That was going to be in the omnibus bill. Well, as we know, we did not have an omnibus spending bill. So the talks were bicameral and bipartisan. They were difficult talks and we hammered out an agreement and we had a compromise. I got some of what I wanted and I lost some of what I wanted. But that is the nature of compromise. So with an exception, which I will explain shortly, the amendment I have just offered is what was agreed upon in December. No more money, not adding any money. But we are changing some of the accounts to better represent what we decided, both bicameral and bipartisan, should be priorities. That is the amendment I am offering. Again, I repeat, it is what we decided upon in December in terms of what our priorities ought to be. If we just go with Labor-H in a CR, all of that is wiped out. So what I am proposing to replace that is the autopilot version with a detailed bipartisan compromise.

I want to emphasize this point. This amendment is not my Labor-HHS bill. Now, obviously if I had my druthers, I would have spent dollars as I wanted them to be spent. But compromise does not work that way. This amendment includes the priorities from the other side of the aisle and from the other side of the Capitol. It was a give and take. Even though there are things in the amendment I would like to change, it is vastly superior--vastly superior--to putting all of these programs on autopilot and doing this year exactly what we did last year and the year before, because we were on autopilot last year too.

Let me point out two things that are different in this amendment than what was in December. I said it was the same but there are two things different. The agreement we hammered out in December, with Republicans and Democrats in the Senate, Republicans and Democrats in the House Appropriations Committee, included money for the Affordable Care Act, for ObamaCare. This amendment I am offering today took that out, just took it out. Even though we had agreed upon $513 million for that in December, this is not in my amendment. I want to make that clear.

The second major difference between the December bill and this amendment is the total cost. As I said, the December bill would not fit within our new budget cap. We have a new budget cap since December. So this amendment fits within that budget cap by a very small, across-the-board cut of 0.127 percent. That is one-eighth of 1 percent to every program in the bill. I did not do an across-the-board cut on some at the expense of others. No. We just did it on everything, .127 percent. So the programs that would have received increases in the December bill still get the increases, just minus .127 percent. The programs that were cut in the December cut will still get cut, they will just be cut by .127 percent more. But other than those two changes, no additional health reform money, no other kinds of cuts. The amendment is basically identical to what we agreed upon in December. So I want to take a look at it and see why it is better than what I call the autopilot version or the continuing resolution.

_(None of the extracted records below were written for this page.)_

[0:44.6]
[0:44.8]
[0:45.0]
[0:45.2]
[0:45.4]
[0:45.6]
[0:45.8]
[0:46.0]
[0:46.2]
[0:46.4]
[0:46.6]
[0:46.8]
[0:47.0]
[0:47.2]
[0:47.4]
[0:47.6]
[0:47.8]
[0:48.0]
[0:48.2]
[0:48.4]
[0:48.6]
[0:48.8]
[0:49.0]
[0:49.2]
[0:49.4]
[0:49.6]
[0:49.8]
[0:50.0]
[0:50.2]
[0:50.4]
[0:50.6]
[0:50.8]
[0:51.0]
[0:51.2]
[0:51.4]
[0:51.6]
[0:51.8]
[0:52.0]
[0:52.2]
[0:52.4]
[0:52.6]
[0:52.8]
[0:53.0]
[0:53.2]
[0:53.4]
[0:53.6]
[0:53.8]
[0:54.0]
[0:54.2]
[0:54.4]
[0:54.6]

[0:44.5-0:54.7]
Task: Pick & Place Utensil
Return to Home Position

Let's start first with education. Title I is the cornerstone Federal program for helping all students, especially those from disadvantaged backgrounds, helping them meet high academic standards. More than 90 percent of the school districts across America receive title I funds. My amendment, the one that is before us, has $107 million more for title I. What is in the bill before us has absolutely no increase, zero.

We were able to bump that up again by an amount equal to .127 percent, as I said. It is basically the same. That is title I. Special education, I mentioned IDEA, we have a $125 million increase in the amendment I am offering; in the CR, no increase whatsoever.

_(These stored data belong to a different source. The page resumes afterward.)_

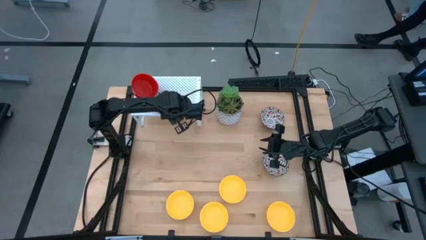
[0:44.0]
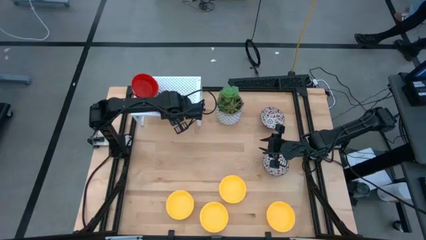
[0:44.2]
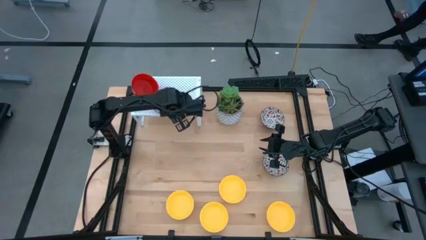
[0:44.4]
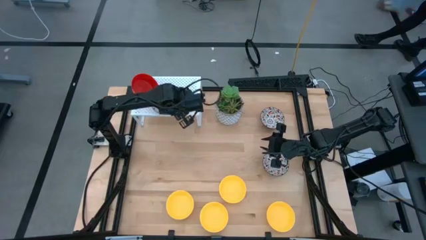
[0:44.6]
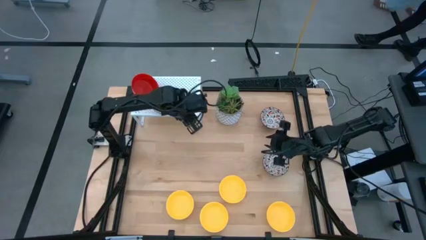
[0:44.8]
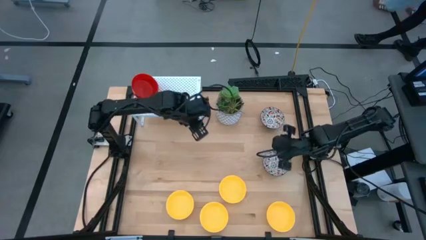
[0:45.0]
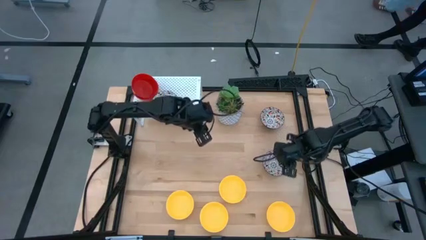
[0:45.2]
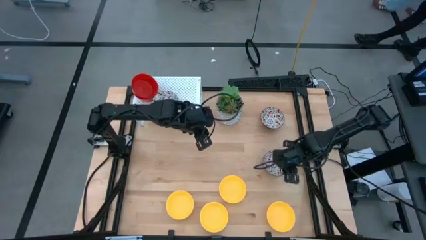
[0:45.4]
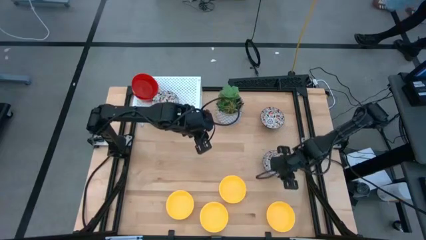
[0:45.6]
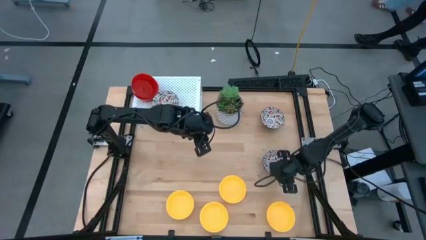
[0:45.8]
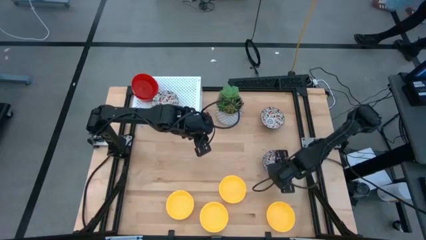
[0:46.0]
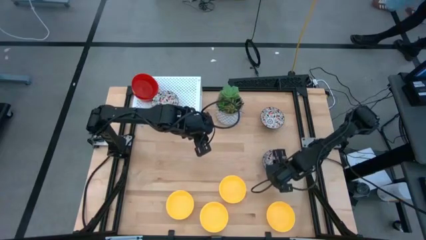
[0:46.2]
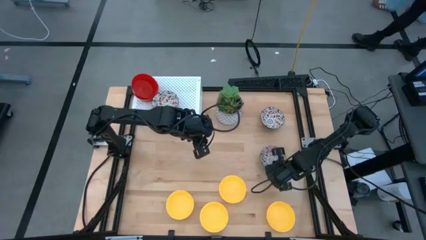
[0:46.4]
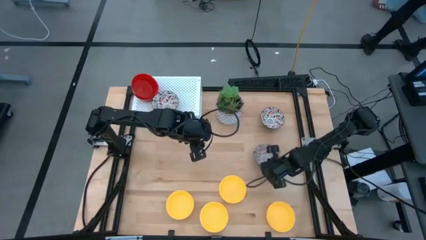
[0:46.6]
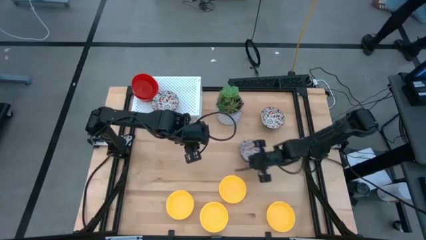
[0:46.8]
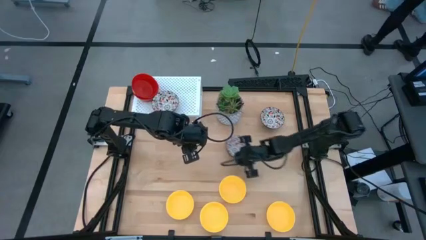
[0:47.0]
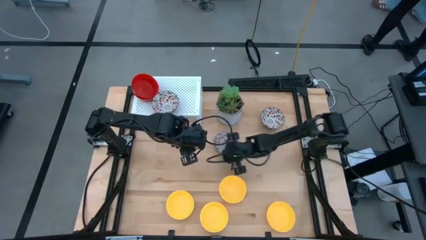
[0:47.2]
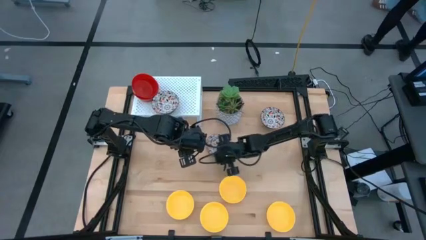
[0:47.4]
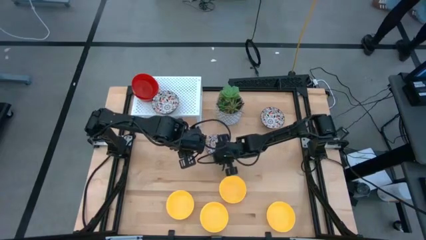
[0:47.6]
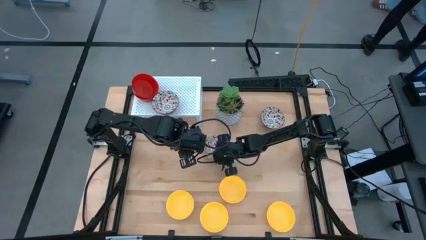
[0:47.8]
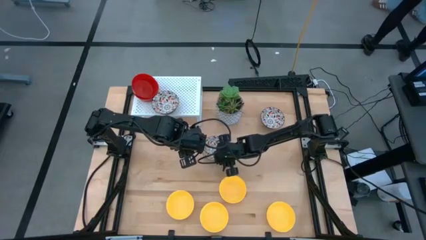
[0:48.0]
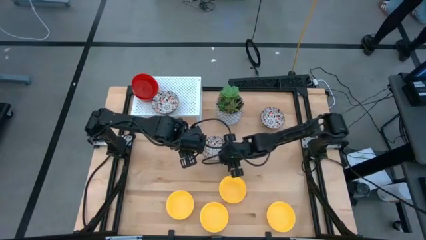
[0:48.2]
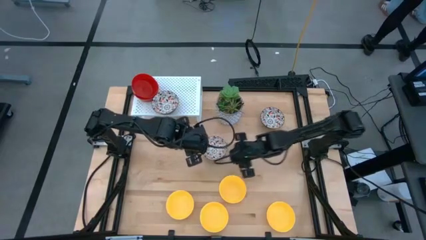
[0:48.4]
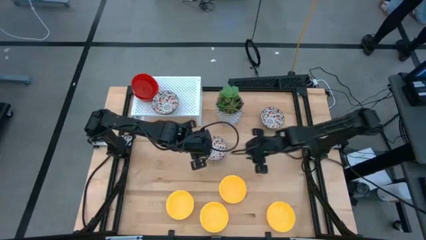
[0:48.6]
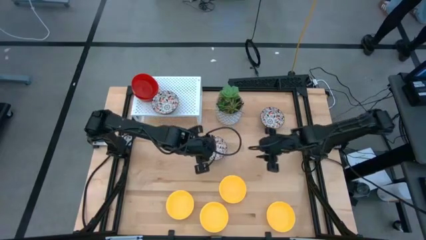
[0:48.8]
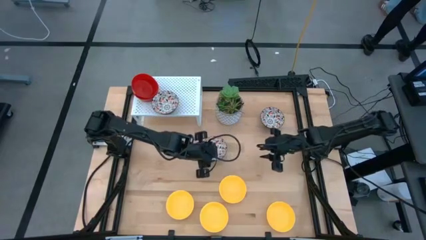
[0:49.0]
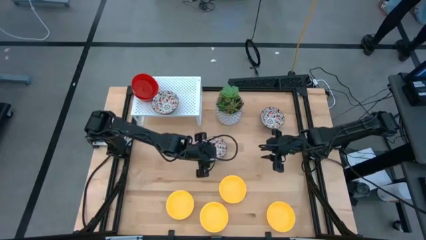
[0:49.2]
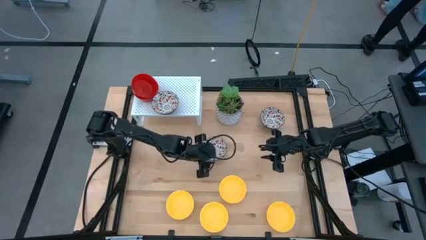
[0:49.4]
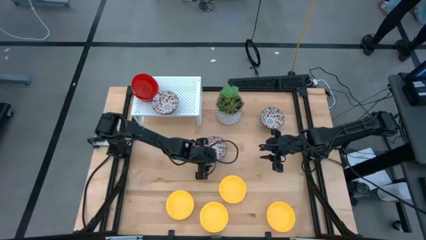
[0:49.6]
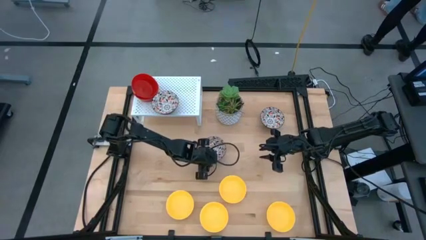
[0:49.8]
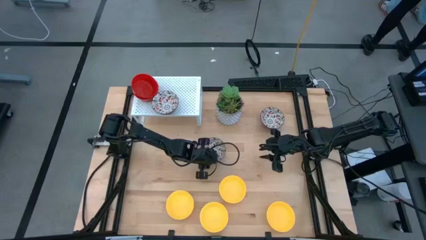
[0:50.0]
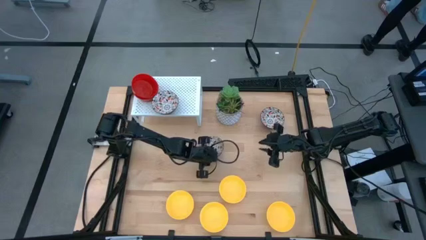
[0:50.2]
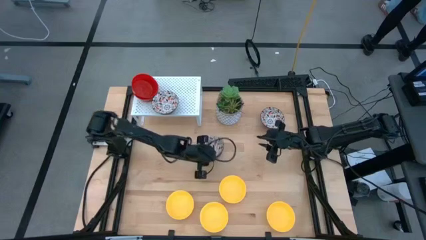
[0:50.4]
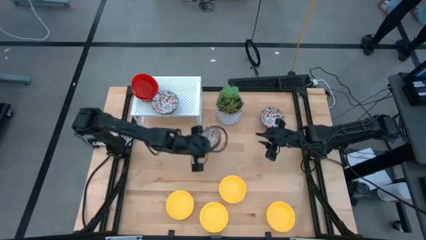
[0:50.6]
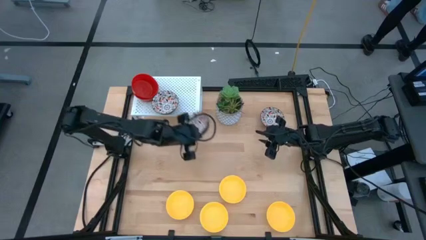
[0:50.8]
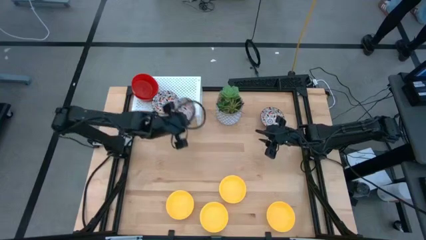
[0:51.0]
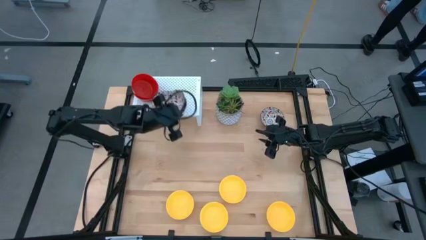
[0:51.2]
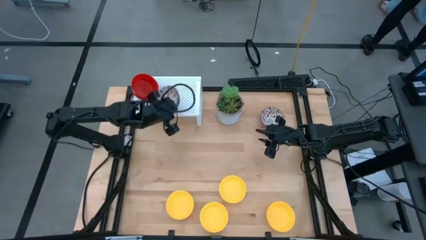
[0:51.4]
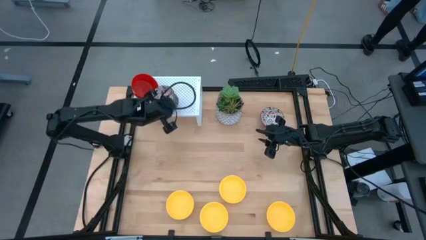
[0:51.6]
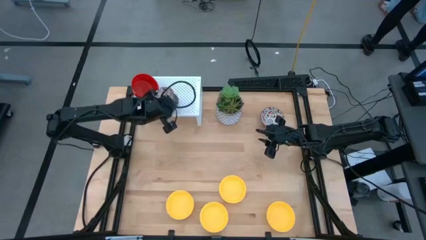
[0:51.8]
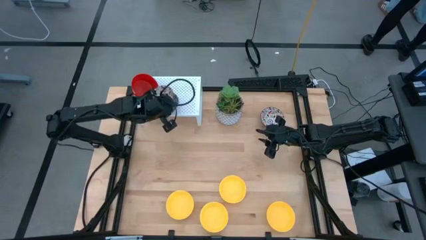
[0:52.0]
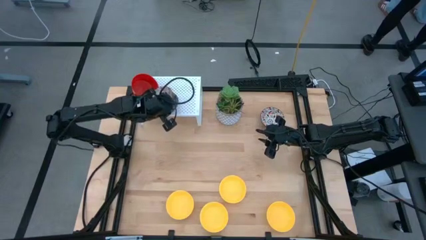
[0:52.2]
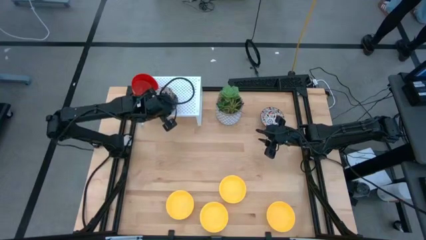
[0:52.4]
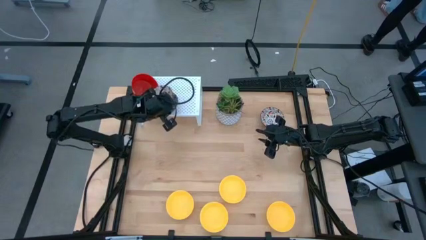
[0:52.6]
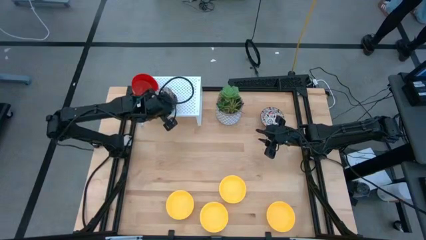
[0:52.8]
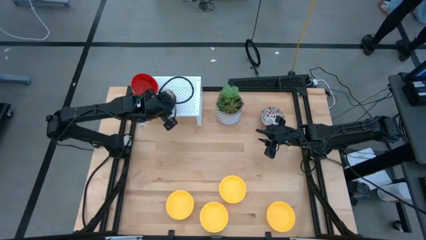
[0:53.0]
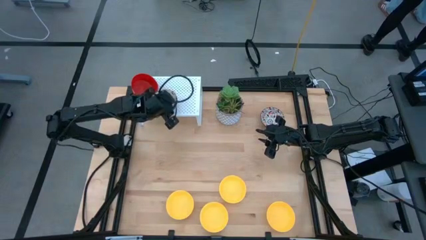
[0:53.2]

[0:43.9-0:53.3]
Task: Pick & Place Mini bowls
Stack the white patterned bowl on the white patterned bowl on the shelf

National Institutes of Health, we are especially proud of this. The omnibus, the Senate CR that is before us, has $71 million more than last year. This amendment bumps it up to $211 million. So the CR has $71 million, we have $211 million for an NIH increase.

Childcare. The underlying CR includes $50 million more than last year. My amendment would increase that to $107 million. That means the childcare subsidy for working families of 10,000 additional children, families who basically depend upon this so they are able to go to work.

AIDS drugs. The Ryan White AIDS Drug Assistance Program provides lifesaving drugs to people living with HIV. My amendment includes $29 million more for this program. The CR has no increase whatsoever.

So far I mentioned only some of the larger programs in the bill. My amendment addresses dozens of smaller priorities as well. At the full committee markup of the Labor-H bill back in July of last year, Senator Inouye, who was chairman at that time, promised Senator Murkowski that the final fiscal year 2013 spending bill would include $10 million for suicide prevention among Alaska Natives and Native Americans. I did not make that promise, but it was made by the chairman of the committee. I am honoring that promise. I honored it when we negotiated this in December. We included that $10 million. That is in my amendment also.

Again, a small increase for suicide prevention is not possible in a CR. But it is in my amendment. If we approve it, that funding will become law.

TRIO Program. It is an important program to many Members on both sides of the aisle. It has had broad support. The TRIO Program makes the dream of a college education possible for low-income students. As we know, this goes basically to students who are the first in their family to go to college. So if your parents had not gone to college, they would be eligible for TRIO, based upon income levels.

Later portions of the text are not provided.